-- Opening Marker --

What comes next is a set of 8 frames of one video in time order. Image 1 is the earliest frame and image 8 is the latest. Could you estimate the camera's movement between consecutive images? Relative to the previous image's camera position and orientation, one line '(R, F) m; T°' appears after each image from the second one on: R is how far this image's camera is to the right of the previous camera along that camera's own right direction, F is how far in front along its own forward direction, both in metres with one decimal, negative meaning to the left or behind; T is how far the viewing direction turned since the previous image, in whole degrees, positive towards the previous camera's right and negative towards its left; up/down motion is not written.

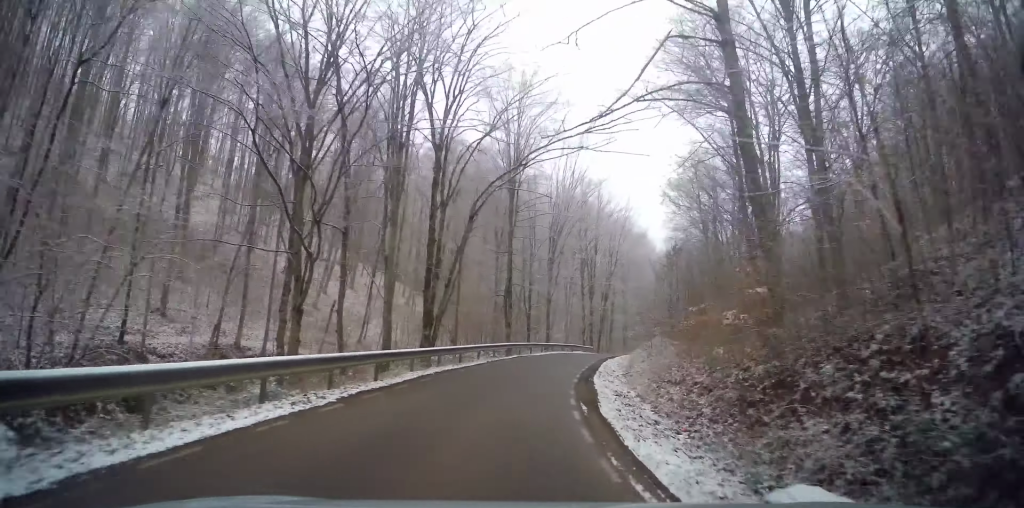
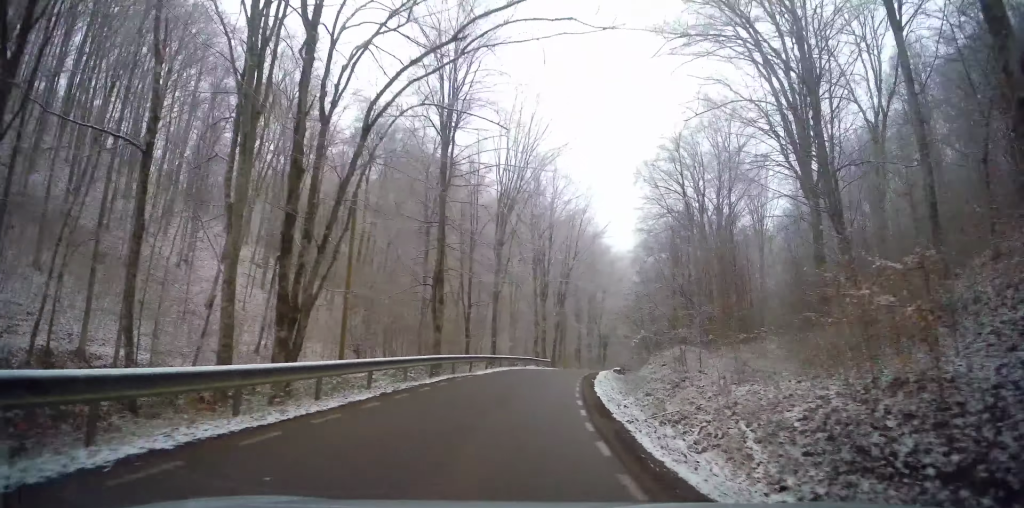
(-0.4, +12.5) m; 0°
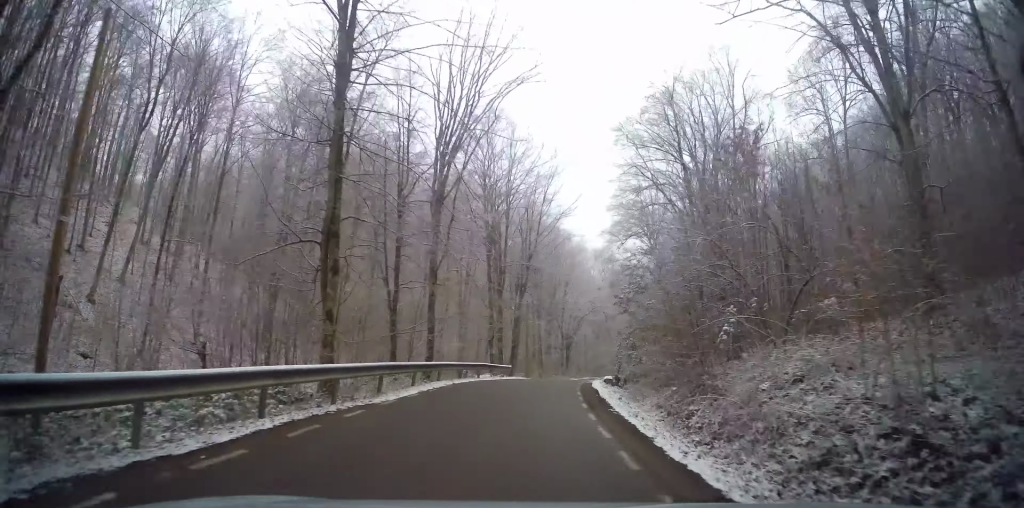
(-0.1, +11.0) m; +3°
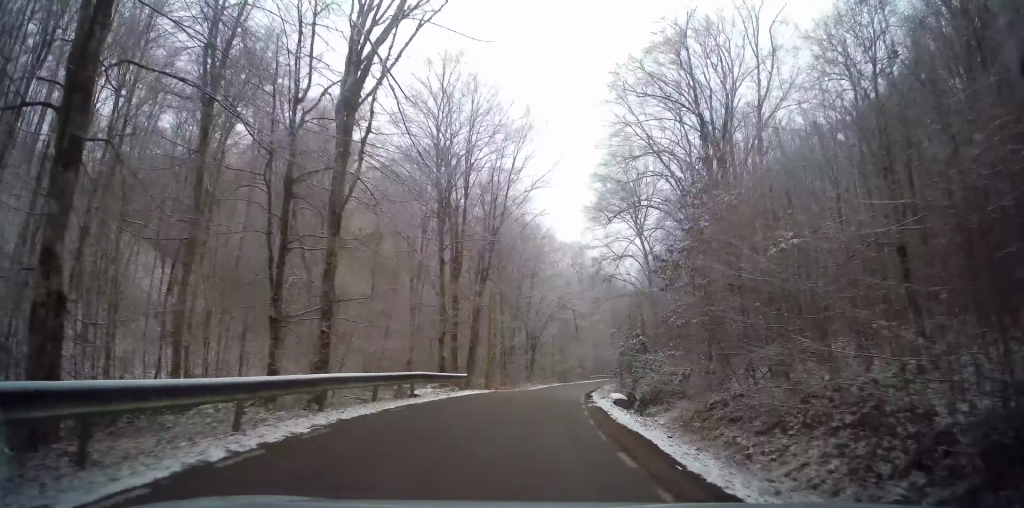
(+0.1, +9.5) m; +6°
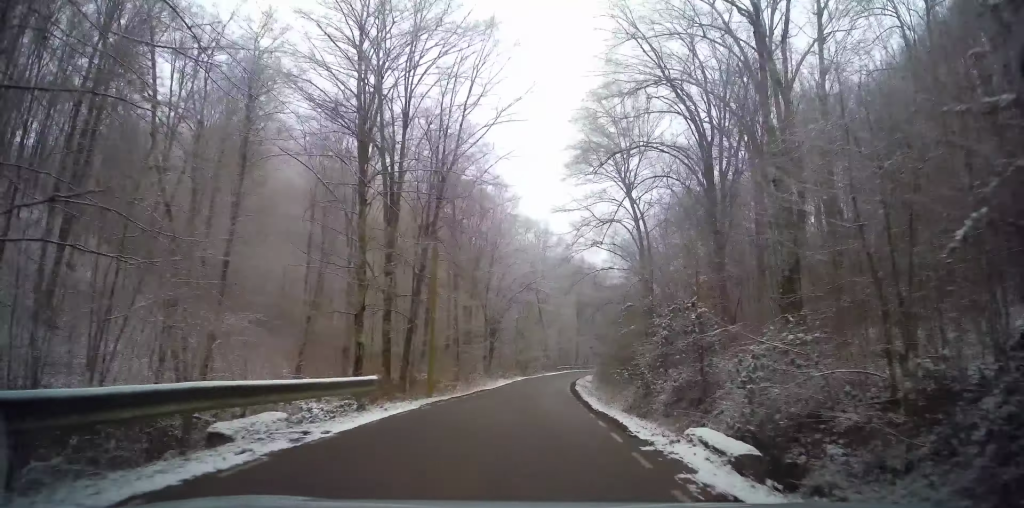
(+0.8, +10.2) m; +5°
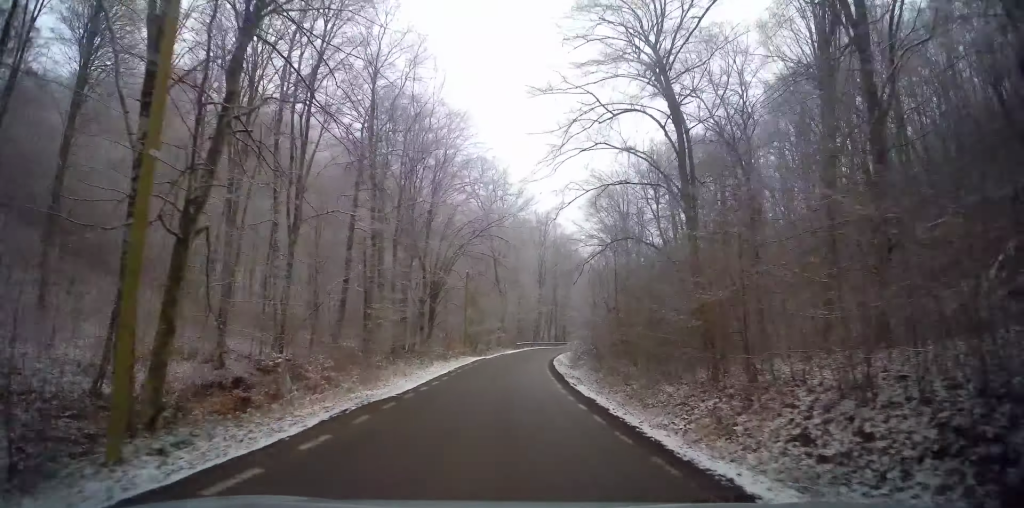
(+1.2, +16.9) m; +5°
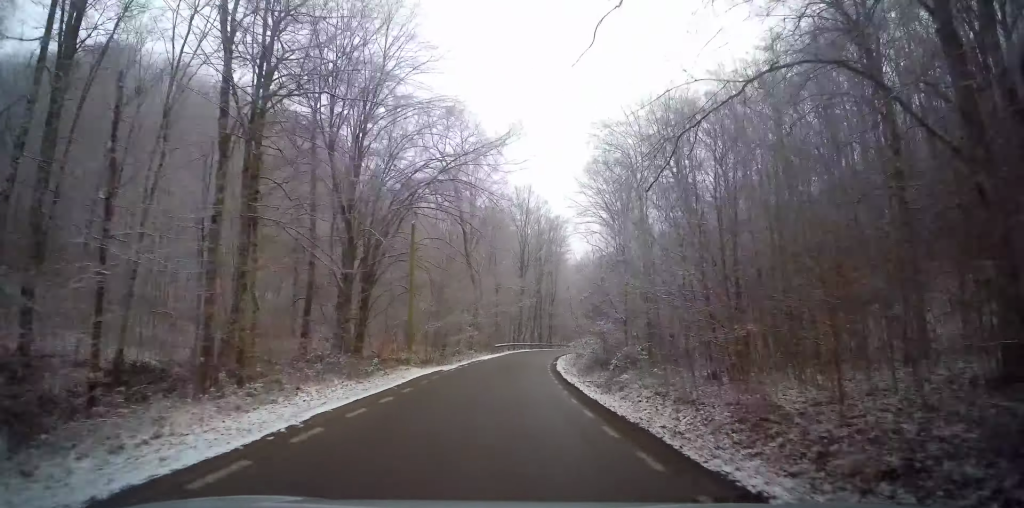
(+0.3, +16.1) m; +3°
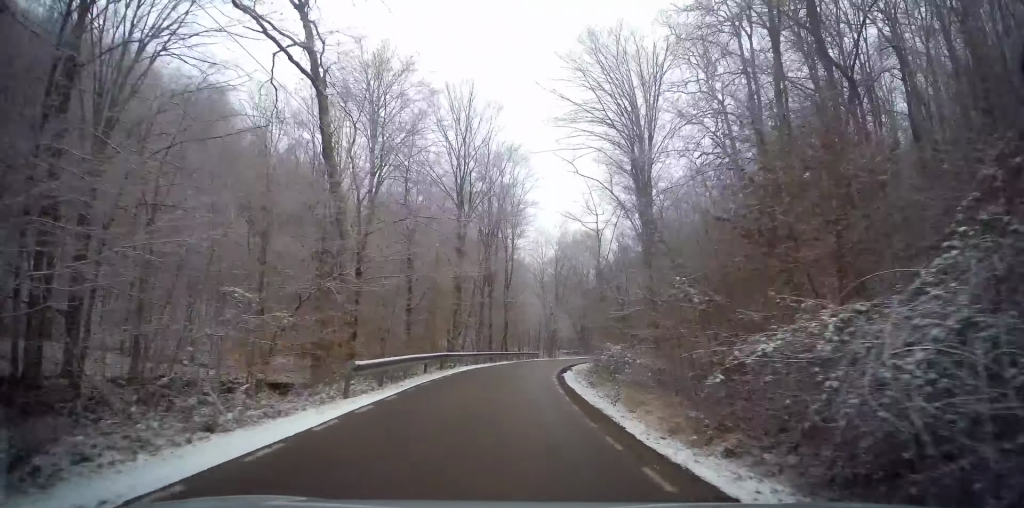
(+2.4, +30.9) m; +9°

-- Closing Marker --

Task to carry out. Give back an exact reproduction of the entries, with all pictures excluded.

Reply.
What comes next is a set of 8 frames of one video in time order. Image 1 is the earliest frame and image 8 is the latest. Could you estimate the camera's movement between consecutive images? Relative to the previous image's camera position and orientation, one line '(R, F) m; T°' appears after each image from the second one on: R is how far this image's camera is to the right of the previous camera along that camera's own right direction, F is how far in front along its own forward direction, both in metres with one decimal, negative meaning to the left or behind; T is how far the viewing direction turned since the previous image, in whole degrees, positive towards the previous camera's right and negative towards its left; up/down motion is not written.

(-0.4, +12.5) m; 0°
(-0.1, +11.0) m; +3°
(+0.1, +9.5) m; +6°
(+0.8, +10.2) m; +5°
(+1.2, +16.9) m; +5°
(+0.3, +16.1) m; +3°
(+2.4, +30.9) m; +9°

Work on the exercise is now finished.